Паралитик твёрдо знает, кто ему нужен. Ему нужен добрый человек. Добрый и терпеливый. Это ж не просто пришёл к назначенному часу и спихнул. Часа-то не назначено! Значит, надо всё бросить и сидеть рядом с этим нытиком день, другой…
Нытик-нытик. Паралич это бинарное состояние: идолопоклонство плюс уныние. Млеть, рисуя себе будущего благодетеля — идолопоклонство. Злиться на кого-то, кто занял твоё законное место — уныние.
Паралич воли. Словно выбили окно, дует холоднющий ветер, а тебе всё равно. Люди сволочи! Зачем двигаться? Пойдёшь — налетишь на слишком пассивного или слишком активного. На тебя всем плевать во всех смыслах. Ты никому не нужен. Ну и пожалуйста! Пусть сквозняк! Пусть я ещё хуже заболею и умру!
Отчаяние, плавно (или рывками) переходящее в уныние с безразличием, не такой уж беспросвет. Для нас, конечно, беспросвет, а для Бога — возможность вырвать нас из тупика. Если, конечно, отчаяние жирное, упитанное, капитальное. Настолько отчаянное отчаяние, что оно, если ему скажут «встань и ходи», возьмёт и встанет. Полуотчаяние начнёт спорить, объяснять, почему невозможно встать и идти.
Ничто так не мешает общению — хоть с человеком, хоть с Богом — как стереотипы. То, что Декарт называл предрассудками. Идолопоклонство перед своими расчётами, перед своим опытом, перед опытом человечества. Закрытость для неожиданного, нового. Мы скорее откроемся для какого-нибудь пещерного шаманства, о котором мы хоть что-то знаем, чем Богу, которого не знаем.
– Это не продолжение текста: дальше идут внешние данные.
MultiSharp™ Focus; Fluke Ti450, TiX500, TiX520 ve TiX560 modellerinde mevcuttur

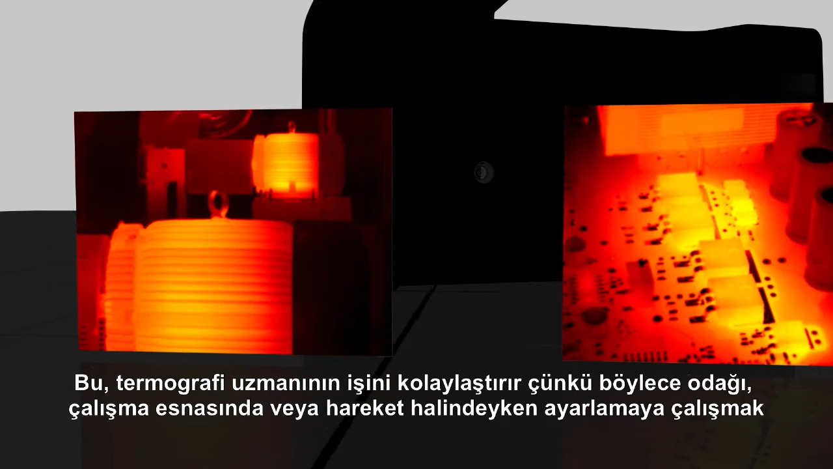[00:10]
they're able to just point, pull the trigger,
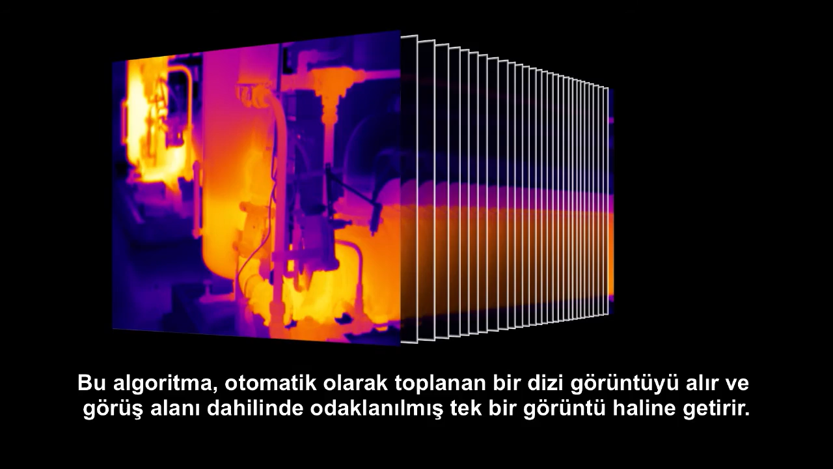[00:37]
We like this a lot for industrial substations,
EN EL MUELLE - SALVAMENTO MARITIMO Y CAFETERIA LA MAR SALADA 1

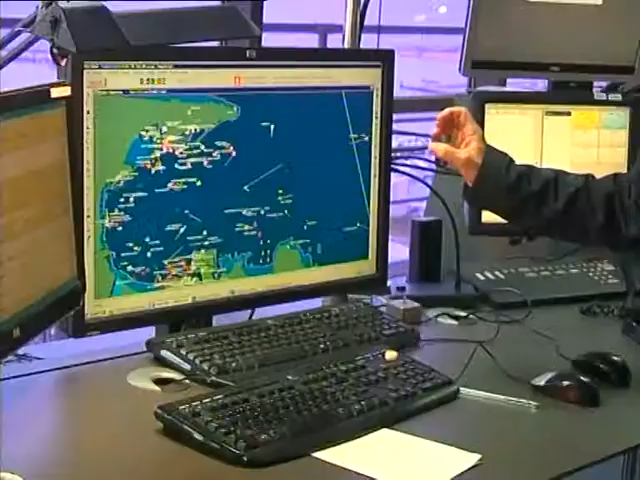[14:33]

Отчаяние страшно тем, что блокирует способность видеть, узнавать и принимать новое. Уныние подменяет будущее прошлым и тем самым доказывает себе свою правоту.
Зажатый между отчаянием и унынием человек впадает в ступор. Он уже даже не комната, в которой выбито окно, а он и есть это самое выбитое окно. Не просто никто, а бывший кто-то. Всё уже было, нового не будет.
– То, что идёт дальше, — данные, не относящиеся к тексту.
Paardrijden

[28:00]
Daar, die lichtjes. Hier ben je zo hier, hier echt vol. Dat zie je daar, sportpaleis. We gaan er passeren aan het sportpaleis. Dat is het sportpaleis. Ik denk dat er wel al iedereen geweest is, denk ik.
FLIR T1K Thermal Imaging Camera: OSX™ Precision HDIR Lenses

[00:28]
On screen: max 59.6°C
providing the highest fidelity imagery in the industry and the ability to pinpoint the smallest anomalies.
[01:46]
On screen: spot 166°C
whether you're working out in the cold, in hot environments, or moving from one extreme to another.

А новое стоит рядом. Бог всегда нов. Поэтому Бог любовь, а вся наша любовь только продолжение Его любви. Когда наша любовь не желает быть новой и видеть новое, ей конец. Тогда начинаются измены — пытаемся найти новое, сменив одну любовь на другую. Новый старт. Но новое в любви не на старте, а как раз после него. В том числе, и любовь к Богу. Она знает свою усталость, знает и своё второе дыхание, и третье знает.
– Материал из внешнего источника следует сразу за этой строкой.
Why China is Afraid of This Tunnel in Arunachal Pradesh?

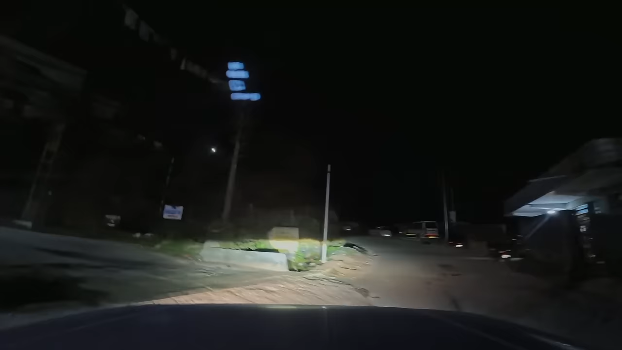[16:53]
तो भाईयो बॉम डीला पहुंच चुका हूं मैं और अब जारहूं अपनी होमस्टे में

Бог не из тех любимых, которые купаются в любви, не замечая, что вода заканчивается. Бог это любовь-наводнение, и не надо этому наводнению рассказывать про всякие минеральные воды. Просто взглянуть на мир, утопающий в любви Божией, и нестись с этим наводнением, не столько размахивая руками, сколько разрешая любви нести себя, куда, когда и как она хочет.
Скажет взять кровать — взять кровать, скажет взять крест — взять крест, скажет любить — любить, а при встрече с препятствием — ну как вода, если встретит препятствие? Поздоровается, помедлит, словно в параличе, и обтечёт или затопит, так что и следа не останется.